Hopefully, I don't have to worry about "Let's Dance The Night Away" by D.C. And Company. Not only is it 30 years old, but it's such a tacky period piece that even the boys in the band could hardly begrudge me. (And -- oh yes -- they will find this article. Anyone who's ever appeared in the public eye for even a few minutes spends at least an hour a week Googling themselves to see if anyone noticed.)

Released in 1977, "Let's Dance The Night Away" has to be the most unfortunate disco miscalculation in my collection (and I've got a lot of 'em). The cover depicts four seriously caucasian dudes dressed up in what they've mistaken for disco threads (actually, they're Las Vegas Elvis suits), but they look like they'd be much more at home in a west-Phoenix steakhouse than in a dance club. From all indications, D.C. And Company were an average bar band struggling to find work at the height of the disco craze. So they nailed together a couple of lame grooves with titles like "Party" and "Bump To The Funk," and shoehorned them into their otherwise dance-floor-unfriendly repertoire.
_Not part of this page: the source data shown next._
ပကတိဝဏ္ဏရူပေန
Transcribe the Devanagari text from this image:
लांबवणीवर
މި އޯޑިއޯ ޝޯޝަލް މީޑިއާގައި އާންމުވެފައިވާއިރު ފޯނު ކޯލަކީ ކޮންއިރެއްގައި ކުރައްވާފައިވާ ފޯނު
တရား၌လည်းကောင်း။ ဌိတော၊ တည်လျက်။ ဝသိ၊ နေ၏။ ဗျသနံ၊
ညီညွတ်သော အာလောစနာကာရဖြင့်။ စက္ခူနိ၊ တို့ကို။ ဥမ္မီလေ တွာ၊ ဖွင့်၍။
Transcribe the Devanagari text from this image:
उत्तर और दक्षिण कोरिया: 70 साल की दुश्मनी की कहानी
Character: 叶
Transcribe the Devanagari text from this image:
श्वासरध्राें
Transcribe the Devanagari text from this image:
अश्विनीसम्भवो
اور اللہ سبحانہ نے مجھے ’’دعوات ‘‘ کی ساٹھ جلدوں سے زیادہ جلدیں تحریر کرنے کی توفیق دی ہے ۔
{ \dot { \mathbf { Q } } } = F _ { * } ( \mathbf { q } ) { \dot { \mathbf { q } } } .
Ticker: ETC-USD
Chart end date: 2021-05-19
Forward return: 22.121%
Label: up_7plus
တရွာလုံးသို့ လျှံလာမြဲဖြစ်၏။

Like most self-released "vanity" recordings of this type, the sound is cheap and thin. The terrible production makes the band sound anything but muscular, and in no way inviting of dancing for even a minute, let alone the whole night. Most of the songs here are interminably slow "confessional" ballads, with titles like "I Don't Want To Hurt You," "Who's To Blame" and "It Makes You Want To Cry." the songs seem to be attempting some sort of personal unburdening, but all they really do is make you want to grab the singer by the collar and yell, "dude, she's NOT going home with you!" And when they trot out their "disco" material...well, you just gotta hear for yourself. It's pretty funny.
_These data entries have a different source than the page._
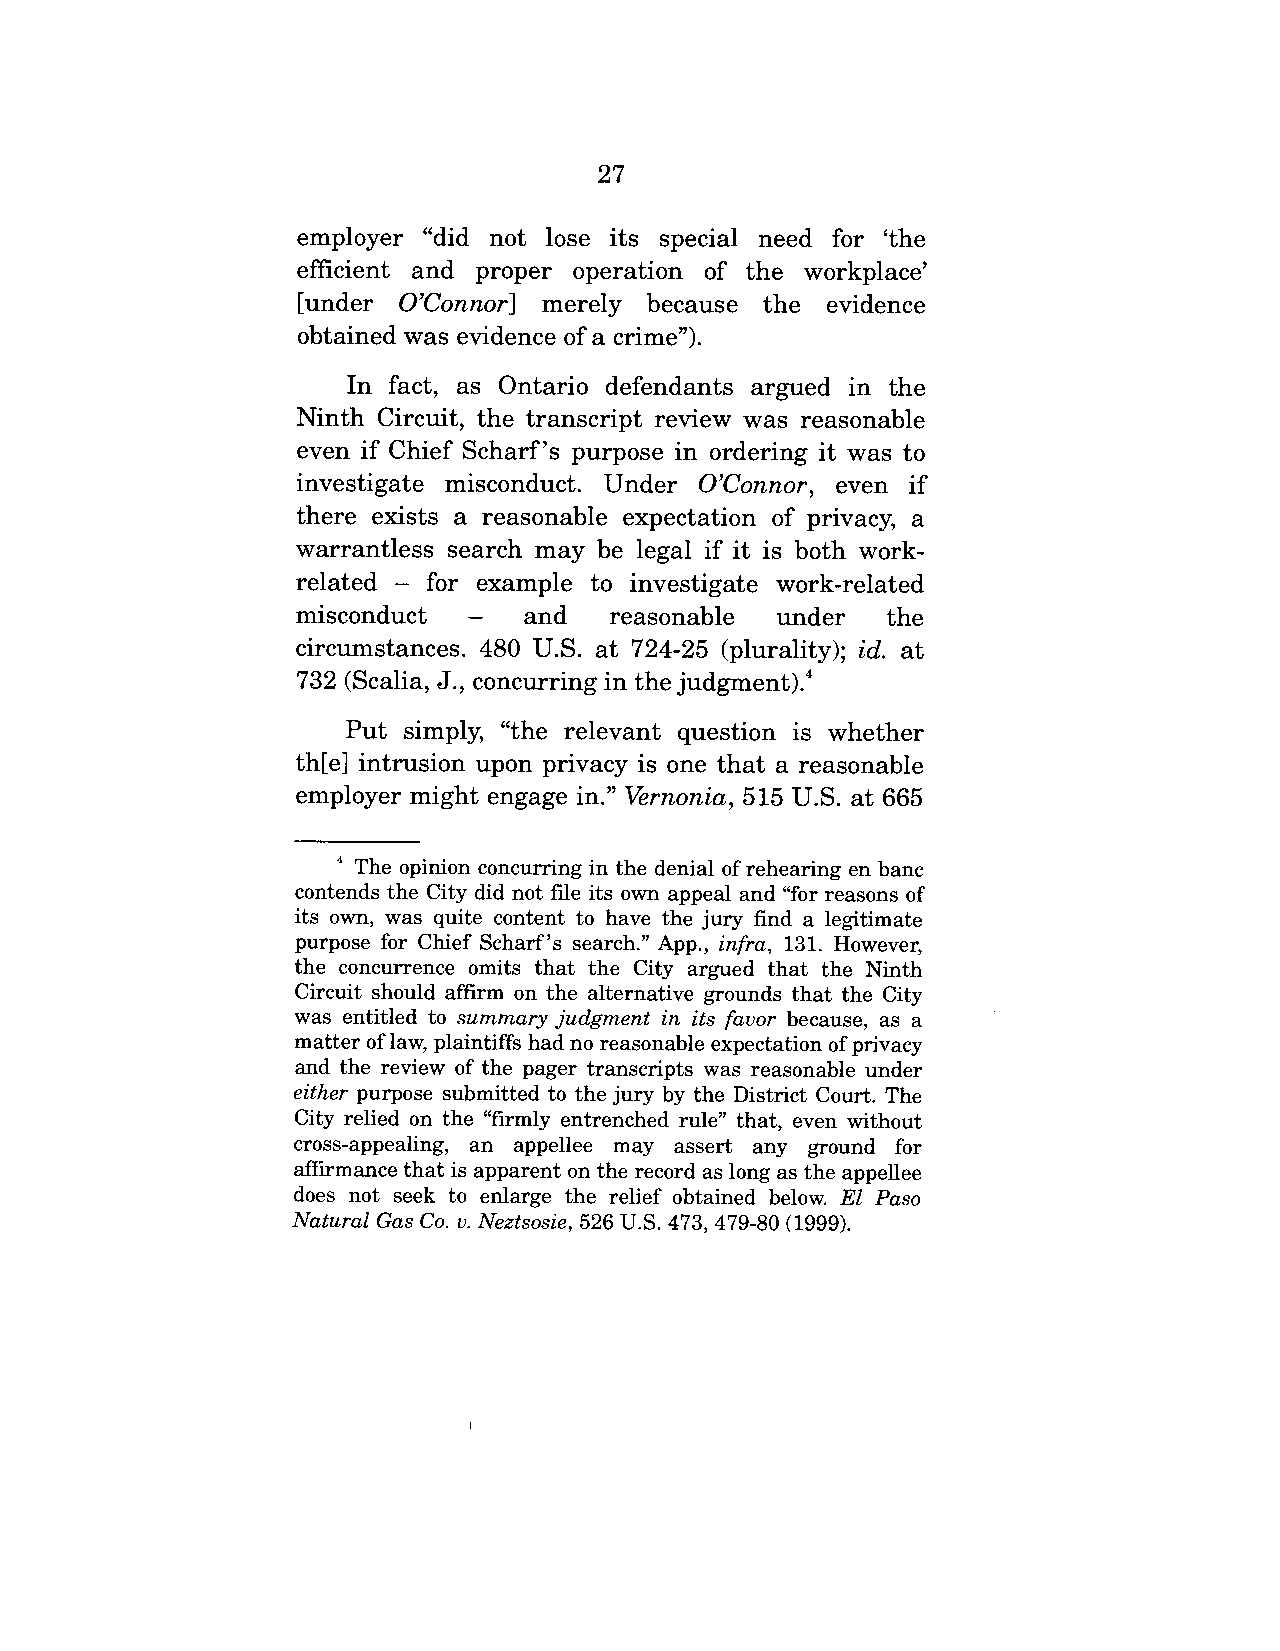
27
 employer "did not lose its special need for ’the
 efficient and proper operation of the workplace’
 [under O’Connor] merely because the evidence
 obtained was evidence of a crime").
 In fact, as Ontario defendants argued in the
 Ninth Circuit, the transcript review was reasonable
 even if Chief Scharf’s purpose in ordering it was to
 investigate misconduct. Under O’Connor, even if
 there exists a reasonable expectation of privacy, a
 warrantless search may be legal if it is both work-
 related - for example to investigate work-related
 misconduct - and reasonable under the
 circumstances. 480 U.S. at 724-25 (plurality); id. at
 732 (Scalia, J., concurring in the judgment).4
 Put simply, "the relevant question is whether
 th[e] intrusion upon privacy is one that a reasonable
 employer might engage in." Vernonia, 515 U.S. at 665
 ~ The opinion concurring in the denial of rehearing en banc
 contends the City did not file its own appeal and "for reasons of
 its own, was quite content to have the jury find a legitimate
 purpose for Chief Scharf’s search." App., infra, 131. However,
 the concurrence omits that the City argued that the Ninth
 Circuit should affirm on the alternative grounds that the City
 was entitled to summary judgment in its favor because, as a
 matter of law, plaintiffs had no reasonable expectation of privacy
 and the review of the pager transcripts was reasonable under
 either purpose submitted to the jury by the District Court. The
 City relied on the "firmly entrenched rule" that, even without
 cross-appealing, an appellee may assert any ground for
 affirmance that is apparent on the record as long as the appellee
 does not seek to enlarge the relief obtained below. El Paso
 Natural Gas Co. v. Neztsosie, 526 U.S. 473, 479-80 (1999).

I hate to seem unkind to these guys. I actually have a lot of respect for them. Their enthusiasm is infectious and they comport themselves with professionalism (in a west-Phoenix kind of way). If I were booking talent for a local event back in 1977, I absolutely would have called them (their manager's phone number is printed right there on the back cover). But now, the best I can do is create something for them to find during their next Google session.